Chipster manual

RNA-seq / Count reads per transcripts using eXpress

Description

Counts reads per transcripts using the eXpress package.

Parameters

Quality scale used in the FASTQ file (phred + 33, phred + 64) [phred + 33]
How many valid alignments should Bowtie2 search per read (20, 100, 1000) [100]
Mean fragment length (10-10,000) [200]
Fragment length standard deviation (5-200) [60]

Details

This tool takes as input either paired end or single end reads in FASTQ files, and transcripts in a multi-fasta file. Both the read and transcript file can be zipped. Reads are aligned to the transcripts using Bowtie2, and you should allow as many multimappings as possible. Note that Bowtie2 can be very slow if many alignments are allowed per read.

Counting reads at transcript level is complicated by the fact that transcript isoforms typically have overlapping parts. In order to assign ambiguously mapping reads to different isoforms, an expectation maximization (EM) approach is used. This approach alternates between two steps: an expectation step where reads are assigned to transcripts with a probability according to those transcripts’ abundances (which are initially assumed to be equal), and a maximization step where the abundances are updated based on the assignment probability.

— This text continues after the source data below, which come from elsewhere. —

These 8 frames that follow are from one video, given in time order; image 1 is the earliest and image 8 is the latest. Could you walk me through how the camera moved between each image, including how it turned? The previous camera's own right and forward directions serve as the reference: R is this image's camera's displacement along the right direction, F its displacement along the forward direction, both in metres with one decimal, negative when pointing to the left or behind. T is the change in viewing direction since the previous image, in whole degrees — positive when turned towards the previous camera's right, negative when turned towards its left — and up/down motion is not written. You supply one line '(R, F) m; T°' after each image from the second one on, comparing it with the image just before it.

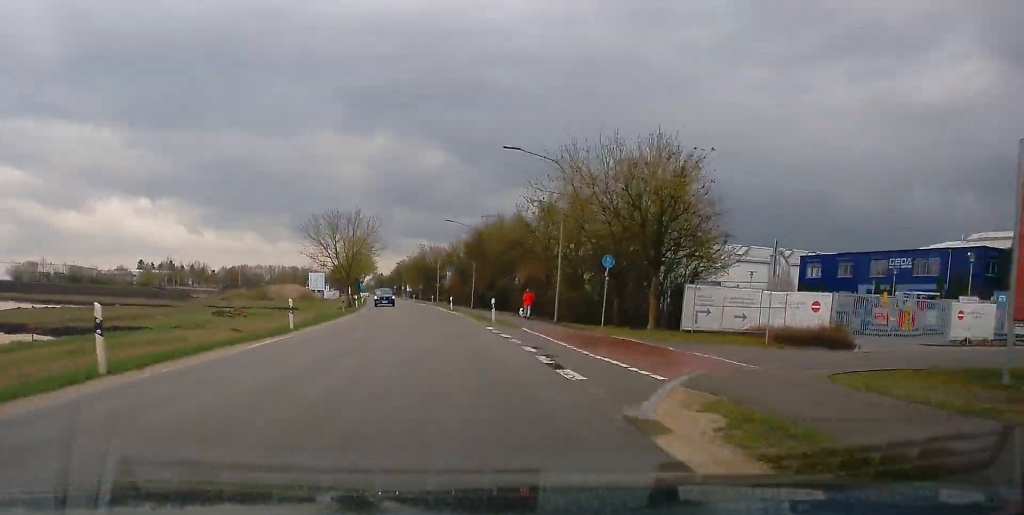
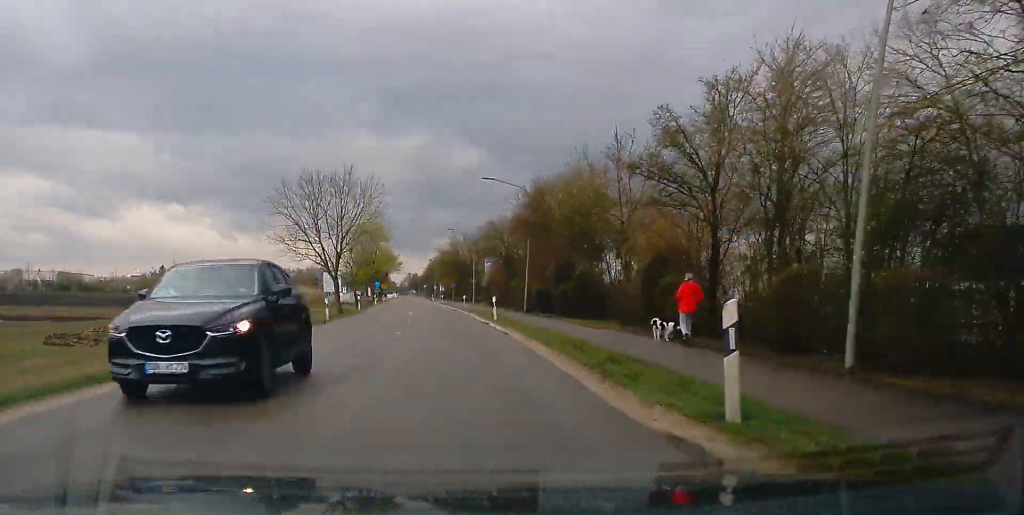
(-0.5, +26.8) m; -2°
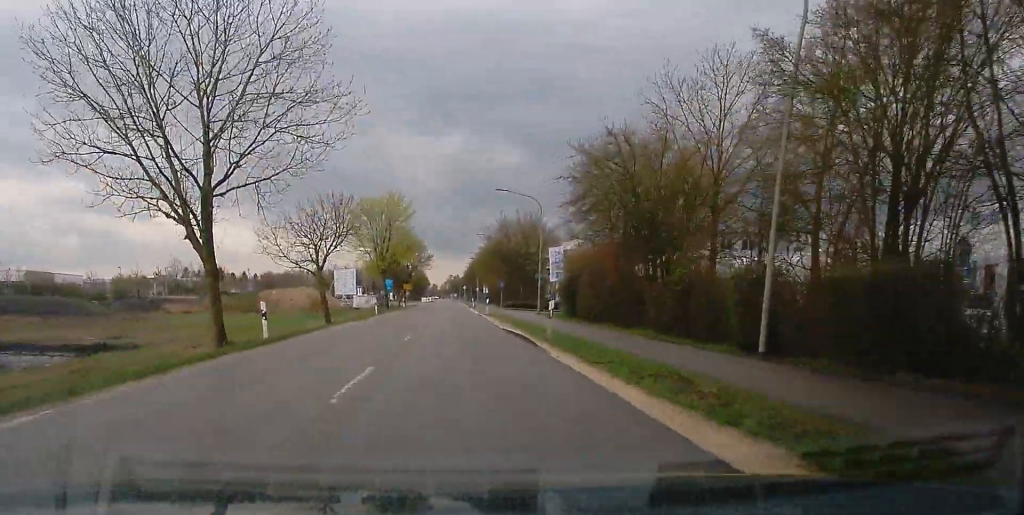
(-0.9, +34.8) m; -2°
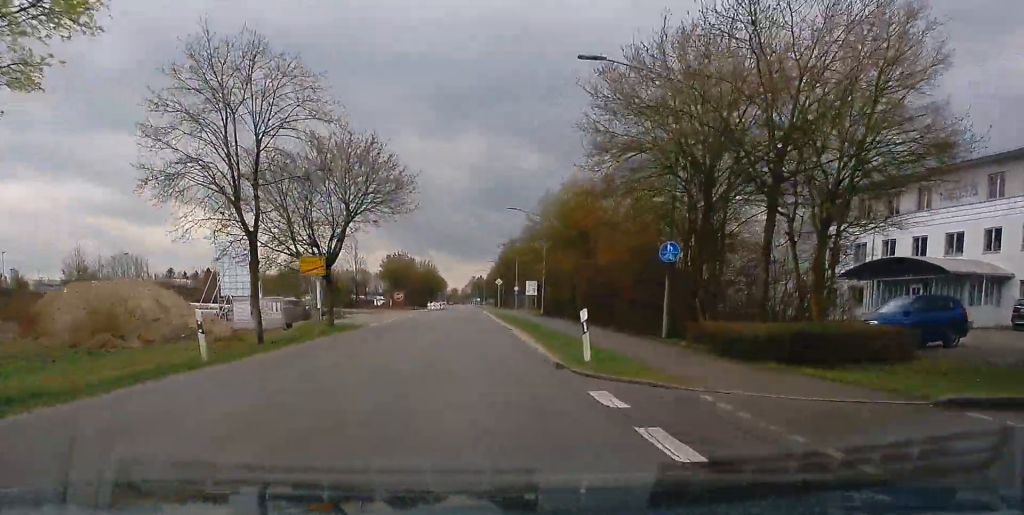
(-0.2, +71.1) m; 0°
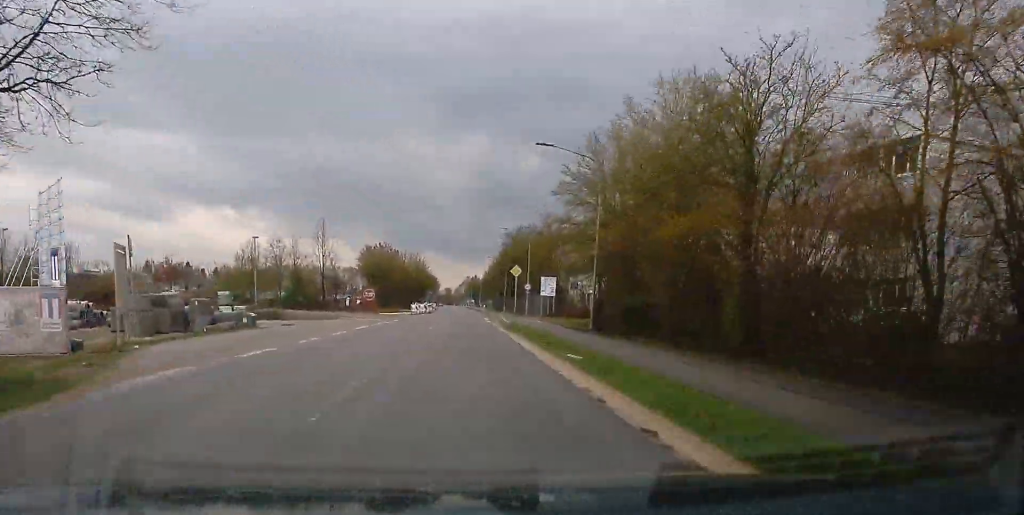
(0.0, +26.8) m; 0°
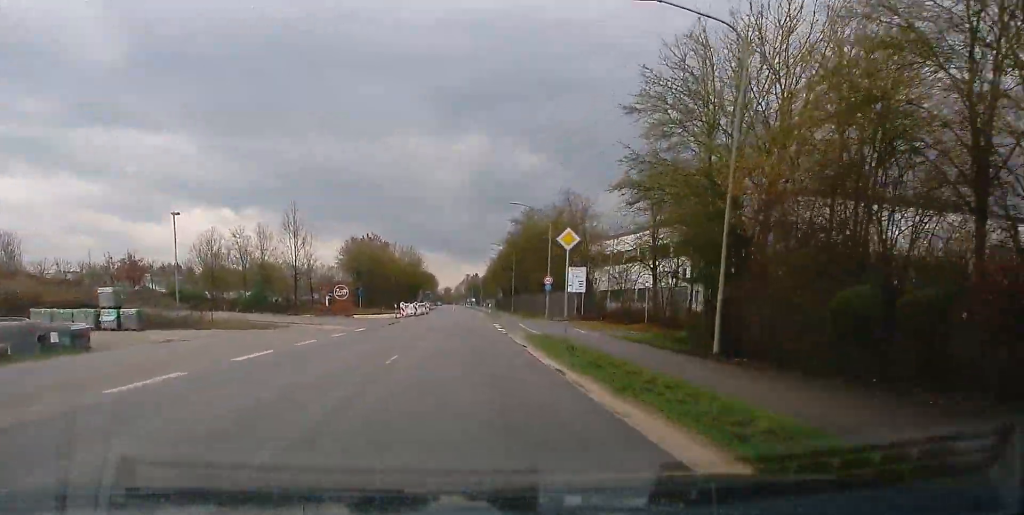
(0.0, +18.9) m; 0°
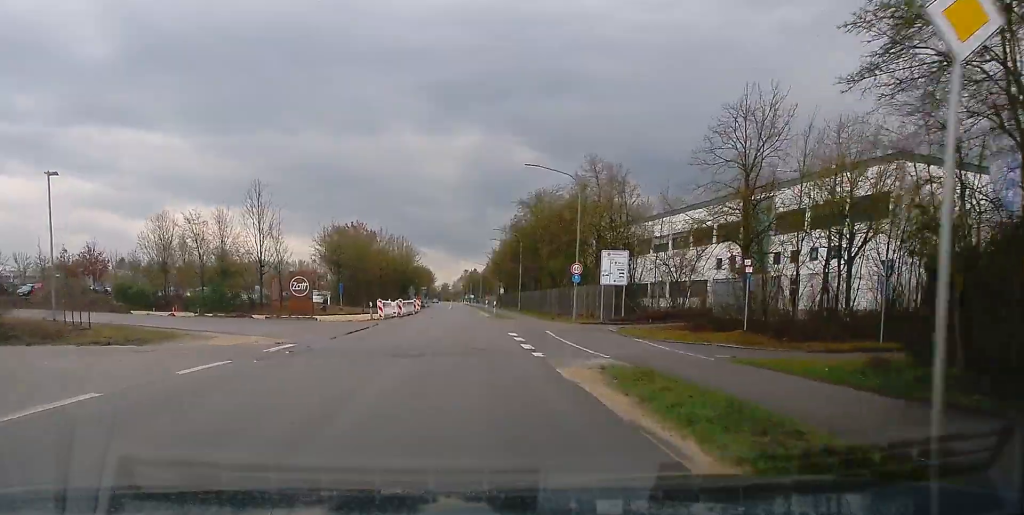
(+0.1, +15.6) m; 0°
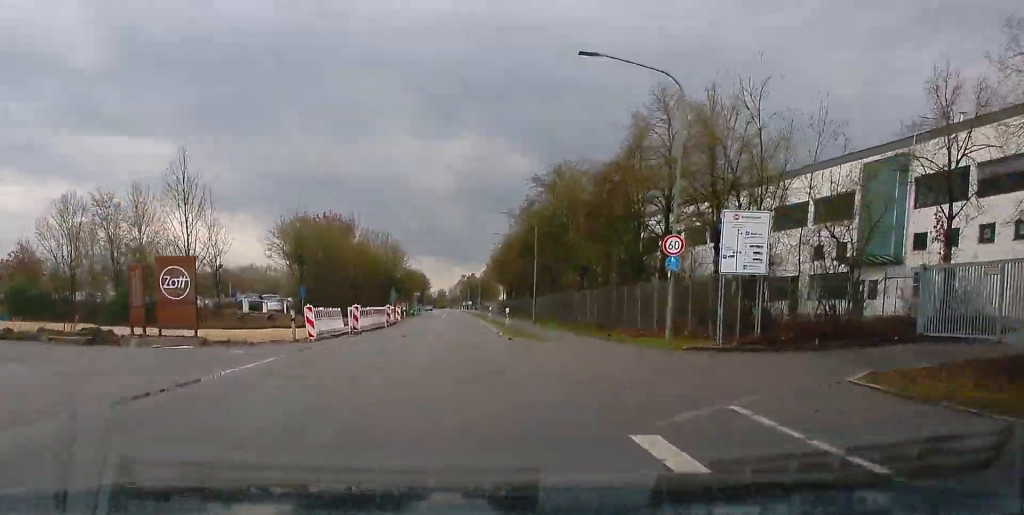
(-0.2, +20.9) m; 0°

eXpress can resolve multi-mappings of reads across transcripts and gene families, learn fragment length distribution from data, and correct for sequence specific bias near the ends of fragments, which arises due to primers used in library preparation. In addition, eXpress also includes a model for sequencing errors including indels.

The fragment length and standard deviation parameters are used by eXpress. While the empirical distribution is estimated from paired-end reads on-the-fly, these values parameterize the prior distribution. If only single-end reads are available, this prior distribution is also used to determine the effective length

eXpress reports the following abundance measures for each transcript: estimated counts, effective counts, FPKM and TPM. The authors of eXpress recommend using rounded effective counts differential expression analysis with tools like edgeR. You can combine several count files to a count table using the tool "Utilities / Create NGS experiment"

Output

The analysis output consists of the following files:

full-express-output.tsv: The full result file of eXpress sorted by bundle identifier.
effective-counts-express.tsv: Result file containing rounded effective counts.

Reference

Please cite the following article if you use this tool:
A Roberts and L Pachter: Streaming fragment assignment for real-time analysis of sequencing experiments Nature Methods 10,71–73(2013).